Идея была признана замечательной, но только частично: молодых не выгнали, но деньги от сдачи квартиры остались в распоряжении Ильи и Марины. Молодые поджали губы, но промолчали. А месяц спустя, когда родители вернулись с прогулки раньше обычного, и неожиданно услышали преинтереснейший разговор дочери с зятем. Так получилось, что Илья и Марина вошли в квартиру тихо, Елисей ещё спал в коляске, а в комнате молодых играла музыка. Не слишком громкая, но её хватило, чтобы Антон и Маша не услышали, что они в квартире уже не одни.
— Слушай, это уже невозможно! – звучал возмущённый голос зятя. – Я чувствую себя здесь как какой-то непрошенный гость. Я, между прочим, не нахлебник какой, недавно, вон, две недели заказы таскал с утра до вечера, даже кусок говядины с рынка принёс, и хоть бы что! Твоя мать вечно смотрит на меня так, будто я миллион её задолжал и до сих пор не отдал! А у отца твоего вообще всегда такой вид, будто у него навоз под носом. Не нравлюсь я им – так съехали бы в эту бабкину квартиру сами. Они уже старые, их двое, зачем им трёшка? А мы бы с тобой эту квартиру сдали, сняли бы хорошую однушку, а на разницу жили бы, пока я свой магазин не раскручу. И ты со временем тоже клиенток наберёшь, надо только потерпеть. Но нет – они хотят всё и сразу! А так не бывает!
— Тише, Тоньчик! Не шуми, — раздался голос Маши. – Я всё понимаю, ты совершенно прав! Но ты тоже пойми – если им такое предложить, они встанут на дыбы. Будь мама одна— может, всё бы и получилось, но этот… Он и на меня иногда так смотрит, что мне не по себе. Как будто я – главное разочарование всей его жизни.
— Так что ты предлагаешь?
— Я предлагаю пока сидеть тихо, ну, пару лет ещё. Отцу уже будет шестьдесят семь, у него сердце больное – в общем, мало ли что? Может, всё само образуется. А маму уговорить будет нетрудно.
— А если они оба разболеются?
— Ну… Сиделкой я себя не вижу. В конце концов, есть дома престарелых…
Илья с Мариной на цыпочках отошли от двери. Друг на друга они не смотрели. Громко хлопнув входной дверью, будто только что вошли, они включили свет в прихожей и начали раздеваться. Маша вышла в холл, забрала Елисея и унесла его кормить. А Илья и Марина, переодевшись, ушли в свою комнату и плотно закрыли дверь.
— Вот и вырастили дочку, — растерянно сказала Марина.
— Скажи честно, — Илья был внешне совершенно спокоен. – Ты сильно удивлена? Потому что я – нет.
— Но как же так? – Марина начала тихо всхлипывать. – Я, конечно, понимала, что мы её избаловали, но я думала, что она добрая девочка… Мне казалось, что она любит нас… Хотя бы меня…
Илья криво усмехнулся:
— Ты ошиблась.
— Тебе, что, всё равно? Сидишь такой спокойный, как… как удав.

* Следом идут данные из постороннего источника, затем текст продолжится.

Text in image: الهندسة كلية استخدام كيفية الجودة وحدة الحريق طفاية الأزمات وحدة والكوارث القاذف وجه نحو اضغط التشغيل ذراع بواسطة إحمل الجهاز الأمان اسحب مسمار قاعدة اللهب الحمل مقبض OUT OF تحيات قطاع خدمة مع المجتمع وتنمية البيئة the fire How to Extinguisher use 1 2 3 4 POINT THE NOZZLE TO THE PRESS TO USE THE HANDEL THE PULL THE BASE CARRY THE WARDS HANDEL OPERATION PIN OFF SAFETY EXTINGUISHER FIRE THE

— Это я раньше был беспокойным, всё переживал, думал, что, может, ты права и всё образуется. Я же видел, что ерунда это всё, не работает твоя система.

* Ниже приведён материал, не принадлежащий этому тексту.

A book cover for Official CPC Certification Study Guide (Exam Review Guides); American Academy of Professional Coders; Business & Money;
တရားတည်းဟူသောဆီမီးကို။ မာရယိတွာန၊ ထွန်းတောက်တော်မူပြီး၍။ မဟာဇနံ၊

— Хочешь сказать, что это я виновата?
— Да какая уже разница? Что выросло – то выросло. И – нет, не считаю. Надо было мне больше разговаривать с тобой, доносить своё мнение, спорить. Может, и не упустили бы тогда…
Ночью – впервые в жизни — плохо стало Марине. Пока врач скорой уговаривал её ехать в больницу, Илья, сгорбившись, сидел рядом и держал её за руку. На дочь, топтавшуюся в дверях, он даже не взглянул. А наутро, когда стало ясно, что опасность миновала, он позвонил в санаторий, где они отдыхали пару лет назад, узнал, что у них есть свободные места, и что санаторно-курортную карту можно сделать за деньги прямо на месте. После этого он собрал вещи и увёз свою Марину восстанавливаться.
— А как же мы? – спросила Маша, обнаружив, что родители не собираются спрашивать её мнения.
Илья посмотрел на дочь так, что ей стало совсем не по себе. Потом он открыл кошелёк, молча положил на кухонный стол сумму, которой хватило бы на три недели, и ушёл следом за женой.
Всё время, пока родителей не было, Маша терзалась от дурных предчувствий. Почему вдруг отец, а главное – мать, почти перестали с ней разговаривать? И плохо матери стало в тот самый вечер… Неужели они всё слышали?
При мысли об этом ей становилось нехорошо.
***
Родители вернулись домой через три недели, отказались от обеда, который Маша – в кои-то веки – приготовила для них, и ушли по делам. А вечером они позвали её в свою комнату, и отец совершенно будничным тоном сообщил ей новость:
— Мы расстались с арендаторами и вызвали машину, чтобы через три дня перевести вещи.
— Ваши?
— Нет. Ваши.
— Что? – Маша растерянно переводила взгляд с отца на мать, ища поддержки. Но впервые в жизни не увидела в глазах мамы ни неуверенности, ни жалости, ни даже сочувствия. Всё ещё надеясь, что это просто пустая угроза, она выдавила из себя. – Но почему?
— Нам так захотелось.
— Но…
— Мы, конечно, уже старые и нам давно пора в дом престарелых, а ещё лучше – на кладбище, но мы ещё живы. И, к твоему сожалению, вполне дееспособны. Поэтому мы сами будем решать, как мы хотим жить дальше.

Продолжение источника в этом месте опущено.